In the Omnibus 1890–91. Mary Cassatt (American, 1844–1926). Color drypoint and aquatint; 36.6 x 26.8 cm (platemark). Bequest of Charles T. Brooks 1941.71

The Fitting 1890–91. Mary Cassatt. Color drypoint and aquatint; 42.7 x 31.4 cm (sheet). Bequest of Charles T. Brooks 1941.72

 

Given that she was enthralled by color, it is not surprising that Cassatt would eventually aspire to make colored etchings. The first evidence of her interest in making color prints is found in a well-known letter to her friend, the artist Berthe Morisot. Written on April 15, 1890, after the opening of a monumental exhibition of 725 Japanese ukiyo-e prints at the École des Beaux-Arts, Cassatt wrote:

You could come and dine here with us and afterward we could go to see the Japanese prints at the Beaux-Arts. Seriously you must not miss that. You who want to make color prints you couldn’t dream of anything more beautiful. I dream of it and don’t think of anything else but color on copper. Fantin [Latour] was there on the 1st day I went and was in ecstasy. 

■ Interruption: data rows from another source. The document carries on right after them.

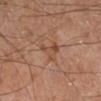Clinical impression:
Recorded during total-body skin imaging; not selected for excision or biopsy.
Image and clinical context:
A male subject, in their mid- to late 60s. From the right lower leg. Imaged with cross-polarized lighting. A 15 mm close-up tile from a total-body photography series done for melanoma screening.
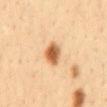Notes:
* biopsy status — total-body-photography surveillance lesion; no biopsy
* image source — 15 mm crop, total-body photography
* patient — male, in their mid-30s
* site — the mid back
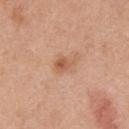Assessment:
No biopsy was performed on this lesion — it was imaged during a full skin examination and was not determined to be concerning.
Clinical summary:
The lesion is located on the chest. This image is a 15 mm lesion crop taken from a total-body photograph. A male patient, aged around 70.
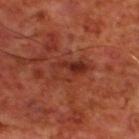Findings:
* follow-up: no biopsy performed (imaged during a skin exam)
* location: the upper back
* size: ≈4.5 mm
* imaging modality: 15 mm crop, total-body photography
* TBP lesion metrics: an average lesion color of about L≈32 a*≈28 b*≈29 (CIELAB) and a lesion–skin lightness drop of about 8
* tile lighting: cross-polarized illumination
* subject: male, aged around 70
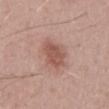{
  "biopsy_status": "not biopsied; imaged during a skin examination",
  "image": {
    "source": "total-body photography crop",
    "field_of_view_mm": 15
  },
  "patient": {
    "sex": "male",
    "age_approx": 50
  },
  "site": "mid back"
}
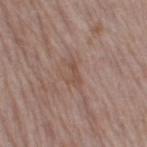<tbp_lesion>
<biopsy_status>not biopsied; imaged during a skin examination</biopsy_status>
<lesion_size>
  <long_diameter_mm_approx>2.5</long_diameter_mm_approx>
</lesion_size>
<lighting>white-light</lighting>
<site>right thigh</site>
<image>
  <source>total-body photography crop</source>
  <field_of_view_mm>15</field_of_view_mm>
</image>
<patient>
  <sex>female</sex>
  <age_approx>40</age_approx>
</patient>
</tbp_lesion>
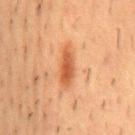Impression: This lesion was catalogued during total-body skin photography and was not selected for biopsy. Background: A male subject, aged approximately 55. Automated image analysis of the tile measured an area of roughly 7 mm² and an eccentricity of roughly 0.95. A region of skin cropped from a whole-body photographic capture, roughly 15 mm wide. Captured under cross-polarized illumination. Measured at roughly 5 mm in maximum diameter. The lesion is located on the mid back.
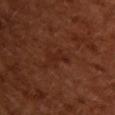follow-up: no biopsy performed (imaged during a skin exam) | automated lesion analysis: a lesion area of about 3 mm², an eccentricity of roughly 0.9, and two-axis asymmetry of about 0.55; a mean CIELAB color near L≈25 a*≈24 b*≈28 and about 5 CIELAB-L* units darker than the surrounding skin; a border-irregularity rating of about 6/10, a within-lesion color-variation index near 0/10, and a peripheral color-asymmetry measure near 0 | patient: female, aged 53 to 57 | body site: the upper back | image: ~15 mm crop, total-body skin-cancer survey | lesion size: ~3 mm (longest diameter) | illumination: cross-polarized.
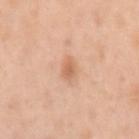The lesion was photographed on a routine skin check and not biopsied; there is no pathology result.
Cropped from a whole-body photographic skin survey; the tile spans about 15 mm.
The patient is a female aged approximately 45.
On the left upper arm.
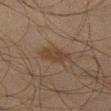Image and clinical context:
Automated tile analysis of the lesion measured an average lesion color of about L≈32 a*≈13 b*≈23 (CIELAB), about 6 CIELAB-L* units darker than the surrounding skin, and a normalized border contrast of about 6.5. It also reported border irregularity of about 2.5 on a 0–10 scale, a color-variation rating of about 2/10, and radial color variation of about 0.5. A 15 mm crop from a total-body photograph taken for skin-cancer surveillance. The subject is a male in their mid- to late 40s. Imaged with cross-polarized lighting. From the left thigh. The recorded lesion diameter is about 4 mm.
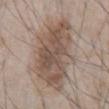Impression:
Recorded during total-body skin imaging; not selected for excision or biopsy.
Clinical summary:
This is a white-light tile. A male subject in their mid- to late 60s. The lesion's longest dimension is about 10 mm. A roughly 15 mm field-of-view crop from a total-body skin photograph. Automated tile analysis of the lesion measured a footprint of about 38 mm², an eccentricity of roughly 0.85, and a shape-asymmetry score of about 0.25 (0 = symmetric). It also reported an average lesion color of about L≈52 a*≈14 b*≈24 (CIELAB), about 11 CIELAB-L* units darker than the surrounding skin, and a lesion-to-skin contrast of about 8 (normalized; higher = more distinct). And it measured border irregularity of about 4 on a 0–10 scale, a color-variation rating of about 5/10, and radial color variation of about 2. The software also gave a nevus-likeness score of about 70/100 and a lesion-detection confidence of about 95/100. On the front of the torso.
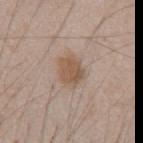Imaged during a routine full-body skin examination; the lesion was not biopsied and no histopathology is available.
A male patient, approximately 45 years of age.
A 15 mm crop from a total-body photograph taken for skin-cancer surveillance.
Automated image analysis of the tile measured border irregularity of about 2 on a 0–10 scale, a within-lesion color-variation index near 2.5/10, and a peripheral color-asymmetry measure near 1. And it measured an automated nevus-likeness rating near 90 out of 100.
The lesion is located on the abdomen.
Measured at roughly 3.5 mm in maximum diameter.
Imaged with white-light lighting.
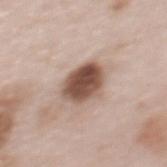The lesion was tiled from a total-body skin photograph and was not biopsied. A female patient, in their mid-60s. Imaged with white-light lighting. Measured at roughly 4.5 mm in maximum diameter. An algorithmic analysis of the crop reported a shape eccentricity near 0.6 and two-axis asymmetry of about 0.15. The software also gave about 18 CIELAB-L* units darker than the surrounding skin and a lesion-to-skin contrast of about 12 (normalized; higher = more distinct). It also reported a nevus-likeness score of about 60/100. A region of skin cropped from a whole-body photographic capture, roughly 15 mm wide. Located on the upper back.
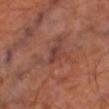Notes:
– follow-up — total-body-photography surveillance lesion; no biopsy
– image source — ~15 mm tile from a whole-body skin photo
– location — the right thigh
– patient — male, about 65 years old
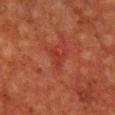The lesion was tiled from a total-body skin photograph and was not biopsied. A roughly 15 mm field-of-view crop from a total-body skin photograph. Imaged with cross-polarized lighting. Measured at roughly 2.5 mm in maximum diameter. The lesion is located on the chest. An algorithmic analysis of the crop reported a lesion area of about 3 mm² and an outline eccentricity of about 0.85 (0 = round, 1 = elongated). And it measured roughly 5 lightness units darker than nearby skin. The software also gave an automated nevus-likeness rating near 0 out of 100 and lesion-presence confidence of about 90/100. A male patient roughly 60 years of age.
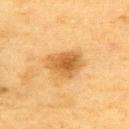biopsy status = imaged on a skin check; not biopsied
image source = 15 mm crop, total-body photography
subject = female, approximately 55 years of age
anatomic site = the upper back
size = ~4.5 mm (longest diameter)
TBP lesion metrics = an average lesion color of about L≈55 a*≈21 b*≈43 (CIELAB), a lesion–skin lightness drop of about 11, and a normalized border contrast of about 8; a nevus-likeness score of about 95/100 and a detector confidence of about 100 out of 100 that the crop contains a lesion

Japanese prints were well known to Cassatt and her contemporaries long before this major exhibition; she was an avid collector of prints, porcelains, and decorative fans from Japan. The vast exhibition immersed visitors in the intense color, bold outlines, contrasting decorative patterns, surprising foreshortenings, and dramatic cropping characteristic of ukiyo-e prints. The subjects of the Japanese woodcuts—mothers and children, women at the toilette, social visits and tea drinking—were by then established themes in Cassatt’s own work. The exhibition inspired her to translate the densely worked surfaces of her paintings of women into equally colorful but vastly simplified—even stylized—compositions. Her letter to Morisot foreshadowed the passion with which she would approach the challenge of making a suite of ten color prints, equal in style and beauty to the Japanese woodcuts she so admired. Cassatt printed the suite herself with the assistance of a professional printer, known to us only as Monsieur Leroy. For the line work, Cassatt used drypoint or soft-ground, and for the flat planes of brilliant color she applied specially mixed colors directly to passages on the plate prepared with aquatint. Thus she was able to achieve different effects in each impression, varying the color subtly, or at times dramatically. Cassatt printed the suite in an edition of only 25, and today they are extremely rare and highly prized. The museum’s six prints from the series will all be on view in the exhibition, and the museum’s preparatory drawing for one print in the series, The Letter, will be shown alongside an impression of the print on loan from the McNay Art Museum, San Antonio.

The exhibition is organized thematically, juxtaposing Cassatt’s images of bourgeois women and mothers and children with works on paper addressing similar themes by Morisot and Auguste Renoir. Women of 19th-century Paris outside of Cassatt’s purview—rural laborers, laundresses, dancers, and prostitutes—were frequent subjects for her male contemporaries. Drawings in pastel, watercolor, and red chalk, as well as etchings and lithographs, by Pissarro, Degas, Édouard Vuillard, Édouard Manet, and Henri Toulouse-Lautrec represent women of the era from a variety of perspectives, addressing the complex and often fraught idea of “the modern woman” in late 19th-century Paris.